Reżyserem superprodukcji, której głównym wątkiem jest wypędzenie z Moskwy przez pospolite ruszenie kupca Kuźmy Minina i księcia Dymitra Pożarskiego polskiej załogi Kremla, jest Władimir Chotinienko, były asystent Nikity Michałkowa, twórca m.in. "72 metrów" i "Muzułmanina".
Sam Michałkow, szczycący się osobistą przyjaźnią z prezydentem Rosji Władimirem Putinem, jest współproducentem tego obrazu, którego budżet szacuje się na ponad 10 mln dolarów.

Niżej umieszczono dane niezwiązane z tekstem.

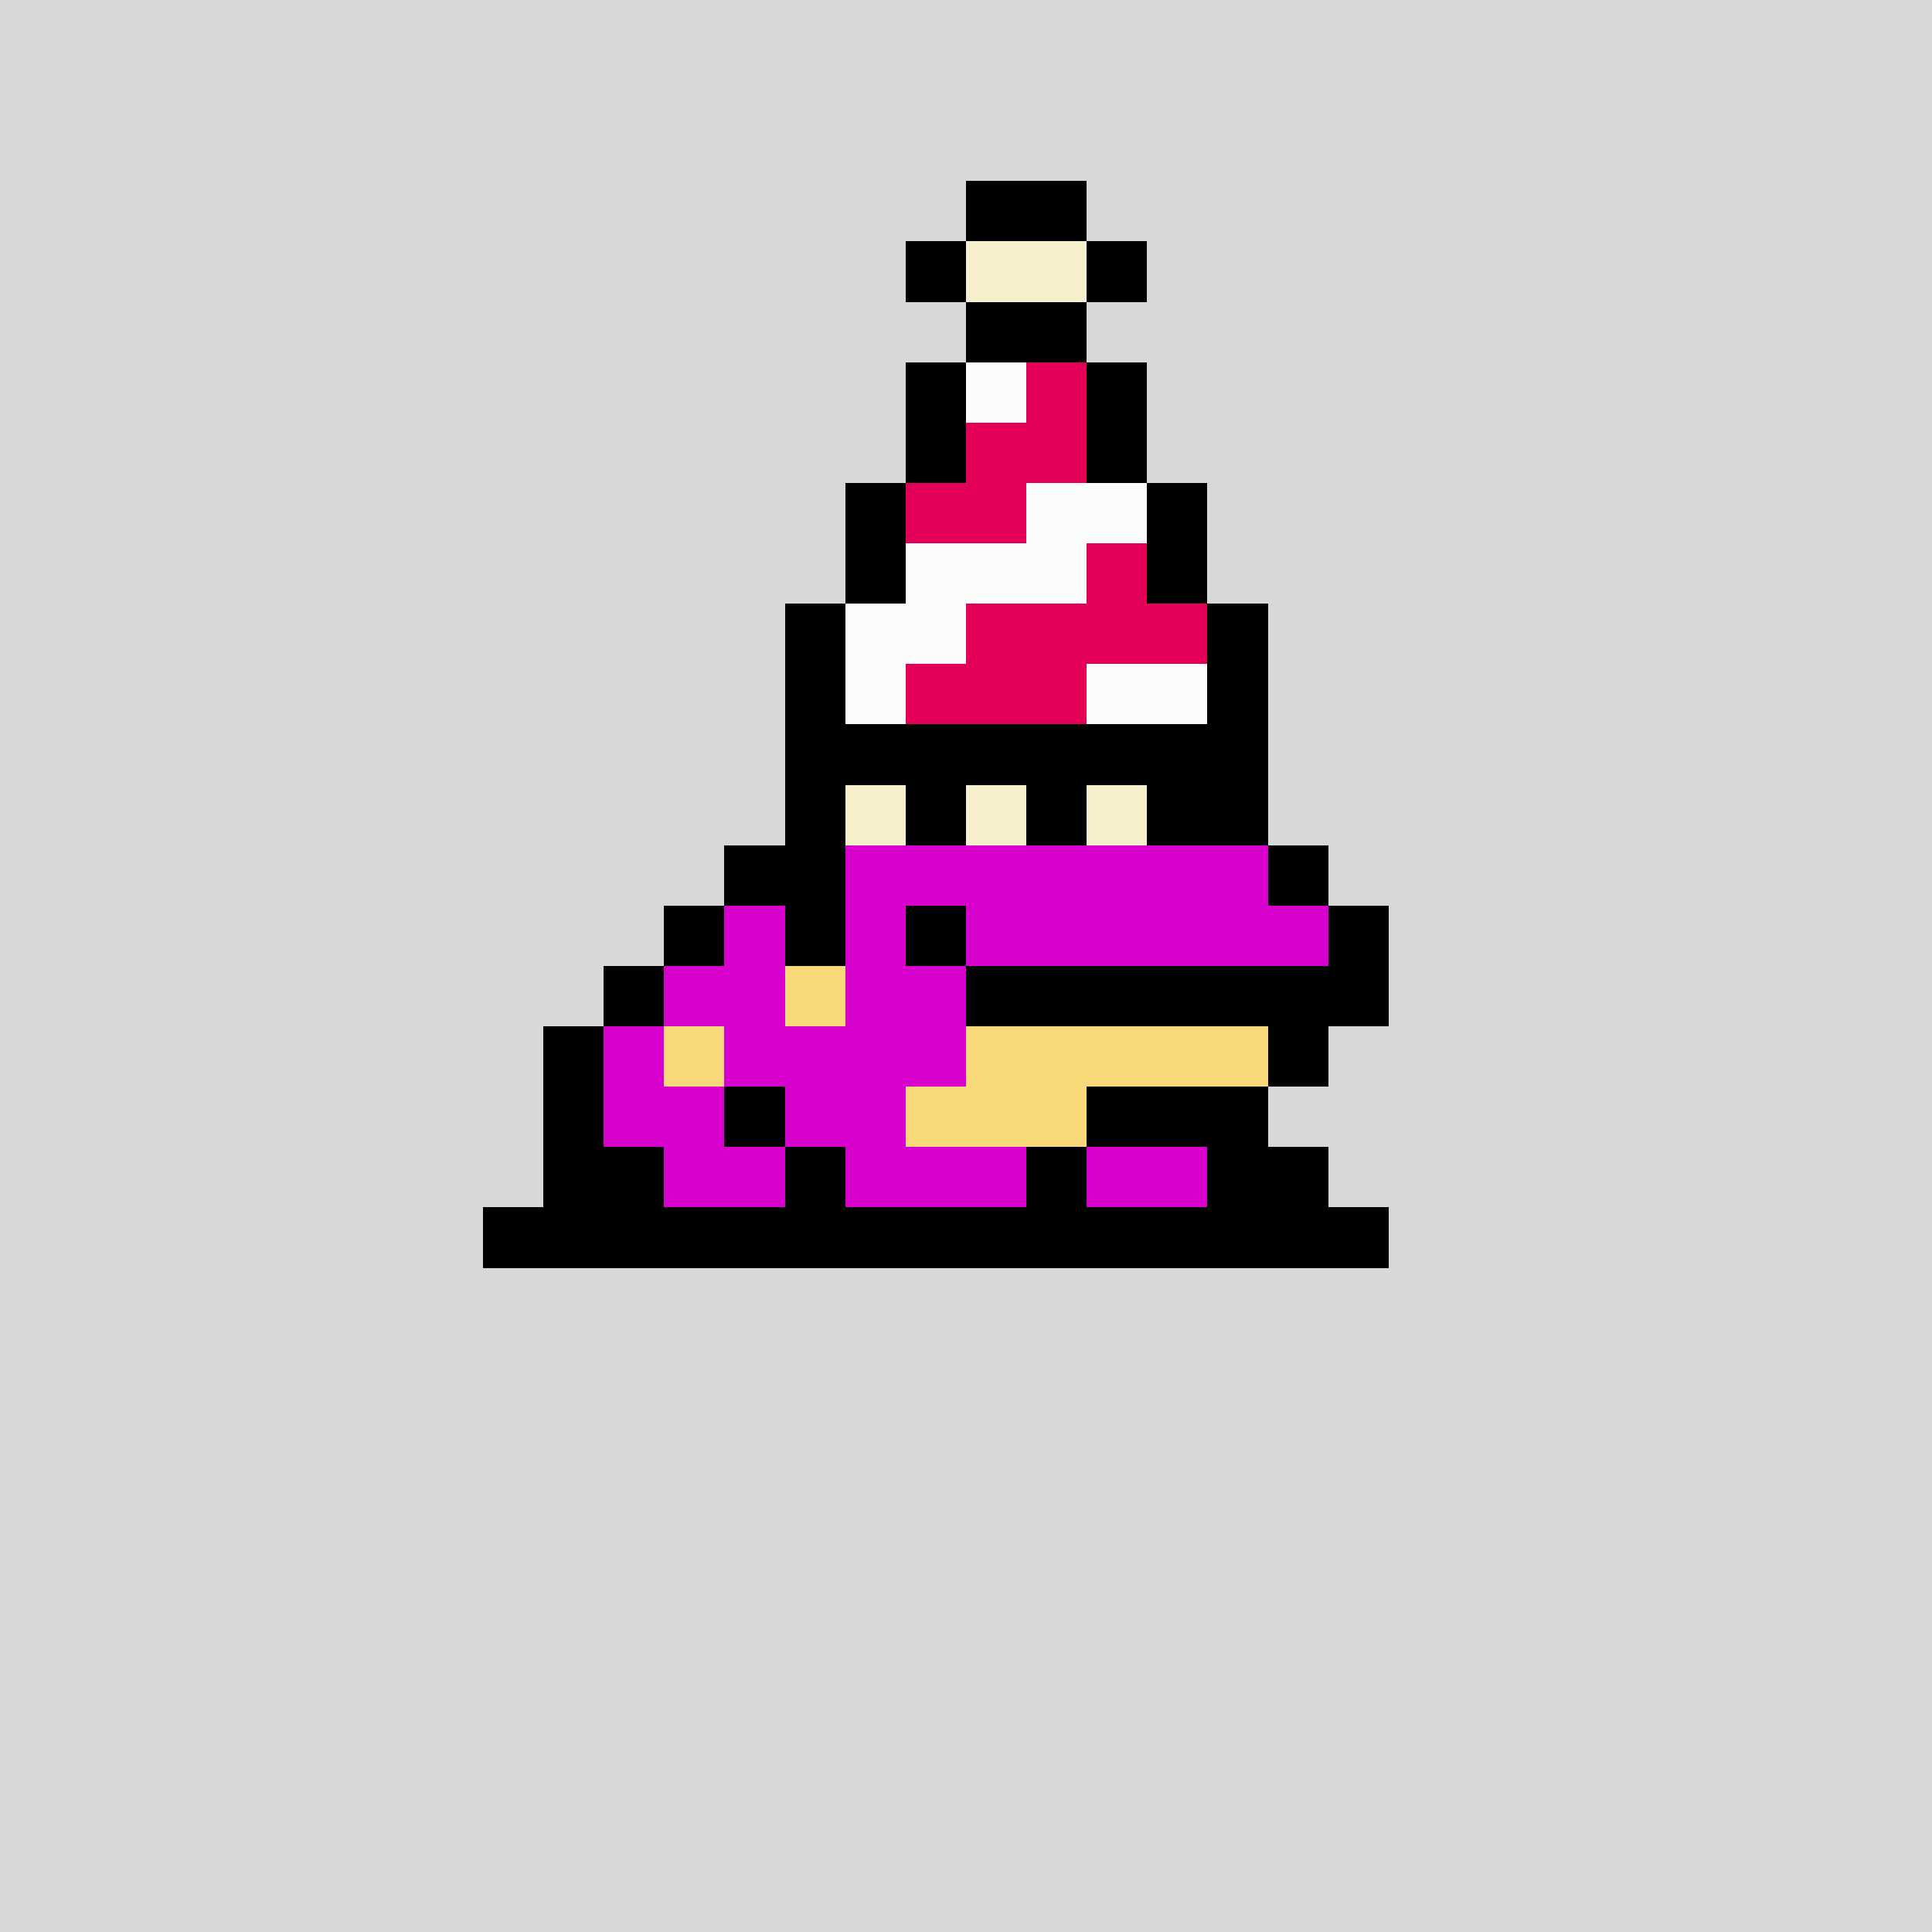 <svg xmlns="http://www.w3.org/2000/svg" viewBox="0 0 32 32" shape-rendering="crispEdges" width="512" height="512"><rect width="100%" height="100%" fill="#D8D8D8"/><rect width="3" height="1" x="14" y="11" fill="#000000"/><rect width="2" height="1" x="18" y="11" fill="#000000"/><rect width="1" height="1" x="13" y="12" fill="#000000"/><rect width="3" height="1" x="14" y="12" fill="#D800CC"/><rect width="1" height="1" x="17" y="12" fill="#000000"/><rect width="2" height="1" x="18" y="12" fill="#D800CC"/><rect width="1" height="1" x="20" y="12" fill="#000000"/><rect width="1" height="1" x="13" y="13" fill="#000000"/><rect width="1" height="1" x="14" y="13" fill="#f7eecb"/><rect width="1" height="1" x="15" y="13" fill="#000000"/><rect width="1" height="1" x="16" y="13" fill="#f7eecb"/><rect width="1" height="1" x="17" y="13" fill="#000000"/><rect width="1" height="1" x="18" y="13" fill="#f7eecb"/><rect width="2" height="1" x="19" y="13" fill="#000000"/><rect width="2" height="1" x="12" y="14" fill="#000000"/><rect width="7" height="1" x="14" y="14" fill="#D800CC"/><rect width="1" height="1" x="21" y="14" fill="#000000"/><rect width="1" height="1" x="11" y="15" fill="#000000"/><rect width="1" height="1" x="12" y="15" fill="#D800CC"/><rect width="1" height="1" x="13" y="15" fill="#000000"/><rect width="1" height="1" x="14" y="15" fill="#D800CC"/><rect width="1" height="1" x="15" y="15" fill="#000000"/><rect width="6" height="1" x="16" y="15" fill="#D800CC"/><rect width="1" height="1" x="22" y="15" fill="#000000"/><rect width="1" height="1" x="10" y="16" fill="#000000"/><rect width="5" height="1" x="11" y="16" fill="#D800CC"/><rect width="7" height="1" x="16" y="16" fill="#000000"/><rect width="1" height="1" x="9" y="17" fill="#000000"/><rect width="6" height="1" x="10" y="17" fill="#D800CC"/><rect width="5" height="1" x="16" y="17" fill="#F8D878"/><rect width="1" height="1" x="21" y="17" fill="#000000"/><rect width="1" height="1" x="9" y="18" fill="#000000"/><rect width="2" height="1" x="10" y="18" fill="#D800CC"/><rect width="1" height="1" x="12" y="18" fill="#000000"/><rect width="2" height="1" x="13" y="18" fill="#D800CC"/><rect width="3" height="1" x="15" y="18" fill="#F8D878"/><rect width="3" height="1" x="18" y="18" fill="#000000"/><rect width="2" height="1" x="9" y="19" fill="#000000"/><rect width="2" height="1" x="11" y="19" fill="#D800CC"/><rect width="1" height="1" x="13" y="19" fill="#000000"/><rect width="3" height="1" x="14" y="19" fill="#D800CC"/><rect width="1" height="1" x="17" y="19" fill="#000000"/><rect width="2" height="1" x="18" y="19" fill="#D800CC"/><rect width="2" height="1" x="20" y="19" fill="#000000"/><rect width="15" height="1" x="8" y="20" fill="#000000"/><rect width="1" height="1" x="13" y="16" fill="#F8D878"/><rect width="1" height="1" x="11" y="17" fill="#F8D878"/><rect width="2" height="1" x="16" y="3" fill="#000000"/><rect width="1" height="1" x="15" y="4" fill="#000000"/><rect width="2" height="1" x="16" y="4" fill="#f7eecb"/><rect width="1" height="1" x="18" y="4" fill="#000000"/><rect width="2" height="1" x="16" y="5" fill="#000000"/><rect width="1" height="1" x="15" y="6" fill="#000000"/><rect width="1" height="1" x="16" y="6" fill="#fcfcfc"/><rect width="1" height="1" x="17" y="6" fill="#e40058"/><rect width="1" height="1" x="18" y="6" fill="#000000"/><rect width="1" height="1" x="15" y="7" fill="#000000"/><rect width="2" height="1" x="16" y="7" fill="#e40058"/><rect width="1" height="1" x="18" y="7" fill="#000000"/><rect width="1" height="1" x="14" y="8" fill="#000000"/><rect width="2" height="1" x="15" y="8" fill="#e40058"/><rect width="2" height="1" x="17" y="8" fill="#fcfcfc"/><rect width="1" height="1" x="19" y="8" fill="#000000"/><rect width="1" height="1" x="14" y="9" fill="#000000"/><rect width="3" height="1" x="15" y="9" fill="#fcfcfc"/><rect width="1" height="1" x="18" y="9" fill="#e40058"/><rect width="1" height="1" x="19" y="9" fill="#000000"/><rect width="1" height="1" x="13" y="10" fill="#000000"/><rect width="2" height="1" x="14" y="10" fill="#fcfcfc"/><rect width="4" height="1" x="16" y="10" fill="#e40058"/><rect width="1" height="1" x="20" y="10" fill="#000000"/><rect width="1" height="1" x="13" y="11" fill="#000000"/><rect width="1" height="1" x="14" y="11" fill="#fcfcfc"/><rect width="3" height="1" x="15" y="11" fill="#e40058"/><rect width="2" height="1" x="18" y="11" fill="#fcfcfc"/><rect width="1" height="1" x="20" y="11" fill="#000000"/><rect width="7" height="1" x="14" y="12" fill="#000000"/></svg>

Według "Wiedomosti", w finansowaniu filmu weźmie też udział rządowa Federalna Agencja ds. kultury i kinematografii (Roskultura).
Producenci liczą, że obraz pobije rekord kasowy superprodukcji Fiodora Bondarczuka "9. kompania", poświęconej jednemu z epizodów interwencji militarnej ZSRR w Afganistanie. Od lata zeszłego roku film ten zebrał w Rosji 27 mln dolarów. Doczekał się też entuzjastycznej oceny ze strony Putina.
Wekselberg zajmuje piąte miejsce na tegorocznej liście najbogatszych Rosjan, opracowanej przez rosyjską edycję amerykańskiego magazynu "Forbes". Jego majątek pismo oceniło na 10,1 mld dolarów.